COMPASS seminars 2020
Our series is suspended until further notice, during social distancing and lockdown. We hope to be able to resume in due course. Stay safe!
Estimated Resident Population in the IDI: What happens if you want a denominator pre-2008?
Dr Anna Howe, School of Population Health
Tuesday 17 March @ 12 Grafton Road, 12PM
There is a well-established and widely used method for calculating an Estimated Resident Population (ERP) from IDI data. However, this method cannot be used for years prior to 2008 due to data limitations.
The original algorithm for creating an ERP retains individuals with recent activity in one of the following IDI data sets: accident claims, tax, health, or education; or for those under five years of age, birth or visa approval. However, some of these data sets are unreliable before 2008 and therefore cannot be used in constructing pre-2008 ERPs.
Population counts for 2008–2018 with these data sets removed were compared with the 2008–2018 ERP based on the full data sets, in order to gauge the likely effect on estimated population counts for years earlier than 2008. I will describe a modification that can be used for years prior to 2008, and illustrate the impact of this modification on population counts.
Anna Howe is a Research Fellow with the School of Population Health, and is interested in maternal and child health.
Trends in Antidepressant Exposure during Pregnancy
Dr Stephanie D'Souza
POSTPONED UNTIL LATER IN THE SEMESTER, STAY TUNED.
Globally, trends have shown an increase in antidepressant exposure during pregnancy. The current project was interested in examining whether similar trends were present in New Zealand’s pregnant population.
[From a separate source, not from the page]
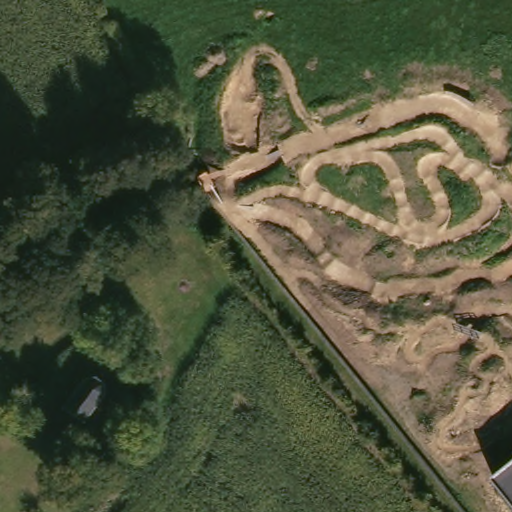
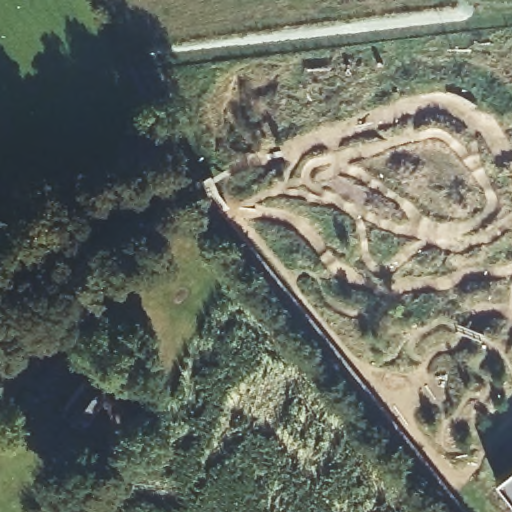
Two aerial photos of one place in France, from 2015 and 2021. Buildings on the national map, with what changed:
unchanged [(63,415),(85,384),(95,382),(104,389),(106,399),(83,429),(63,415)]
unchanged [(512,467),(512,501),(496,480),(512,467)]

Using community pharmaceutical data from the Integrated Data Infrastructure, we investigated antidepressant dispensing in all resident New Zealanders with at least one successful pregnancy, over the period 20007/08 to 2017/18. We further explored dispensing by medication type, trimester, ethnicity (total response), age, and area-level deprivation.
Gestational antidepressant dispensing prevalence increased over the study period from 2.6% to 4.4%, with SSRIs being the most common antidepressant. Across the study period, trimester-specific dispensing identified highest dispensing for trimester 3 and lowest dispensing for trimester 1. All subgroups also showed increased dispensing, though with considerable variation between categories. Specifically, the most deprived quintile had a notably lower dispensing prevalence relative to other quintiles. Ethnic differences in antidepressant dispensing were also apparent across the study period.
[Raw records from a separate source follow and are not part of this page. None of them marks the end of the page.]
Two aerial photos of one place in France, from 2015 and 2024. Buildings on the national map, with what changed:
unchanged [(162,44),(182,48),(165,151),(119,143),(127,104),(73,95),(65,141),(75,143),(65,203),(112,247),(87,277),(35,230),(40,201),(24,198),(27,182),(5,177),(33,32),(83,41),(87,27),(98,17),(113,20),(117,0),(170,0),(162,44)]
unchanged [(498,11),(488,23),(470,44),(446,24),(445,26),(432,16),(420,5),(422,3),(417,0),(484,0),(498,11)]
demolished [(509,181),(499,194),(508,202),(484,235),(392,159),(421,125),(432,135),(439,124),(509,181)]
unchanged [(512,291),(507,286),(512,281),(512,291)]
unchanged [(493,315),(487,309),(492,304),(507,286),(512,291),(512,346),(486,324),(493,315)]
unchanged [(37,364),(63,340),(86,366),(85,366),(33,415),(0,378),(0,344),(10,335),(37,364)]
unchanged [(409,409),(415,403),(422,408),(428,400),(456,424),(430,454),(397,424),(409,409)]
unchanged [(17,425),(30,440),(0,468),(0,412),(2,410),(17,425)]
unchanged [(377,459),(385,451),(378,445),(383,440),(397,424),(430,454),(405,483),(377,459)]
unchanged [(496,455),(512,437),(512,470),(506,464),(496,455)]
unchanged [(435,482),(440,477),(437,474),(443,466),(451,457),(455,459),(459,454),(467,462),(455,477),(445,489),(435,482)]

Stephanie D’Souza is a Research Fellow with COMPASS Research Centre. She completed her PhD in Psychology at the University of Auckland, using data from the Growing Up in New Zealand study to investigate behavioural difficulties in early childhood. Her research interests include child development, life course research, and working with large longitudinal and administrative data sets.
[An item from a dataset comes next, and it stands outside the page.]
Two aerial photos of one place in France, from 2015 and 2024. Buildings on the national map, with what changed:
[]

Data Quality of the 2018 New Zealand Census
Associate Professor Barry Milne
Tuesday 3 March @ 12 Grafton Road, 12PM
One in six New Zealanders did not complete the 2018 New Zealand Census, and completion in some areas of the country was less than fifty percent. The low – and patchy – completion rate, and use of alternative data sources when census data were not available, have raised concerns about the quality of data produced from the 2018 census.
I will present work undertaken to evaluate various aspects of the quality of the 2018 Census data set, highlight the topic areas – and populations subgroups – that have been most impacted, and provide some tips and cautions for data users. This work was undertaken while I was a member of the 2018 Census External Data Quality Panel.
Barry Milne is the Director of COMPASS Research Centre. He has a Masters degree in psychology from the University of Otago and a PhD in Psychiatric Epidemiology from Kings College London. His main interests are in lifecourse research, survey research, and the use of large administrative data sets to answer policy and research questions.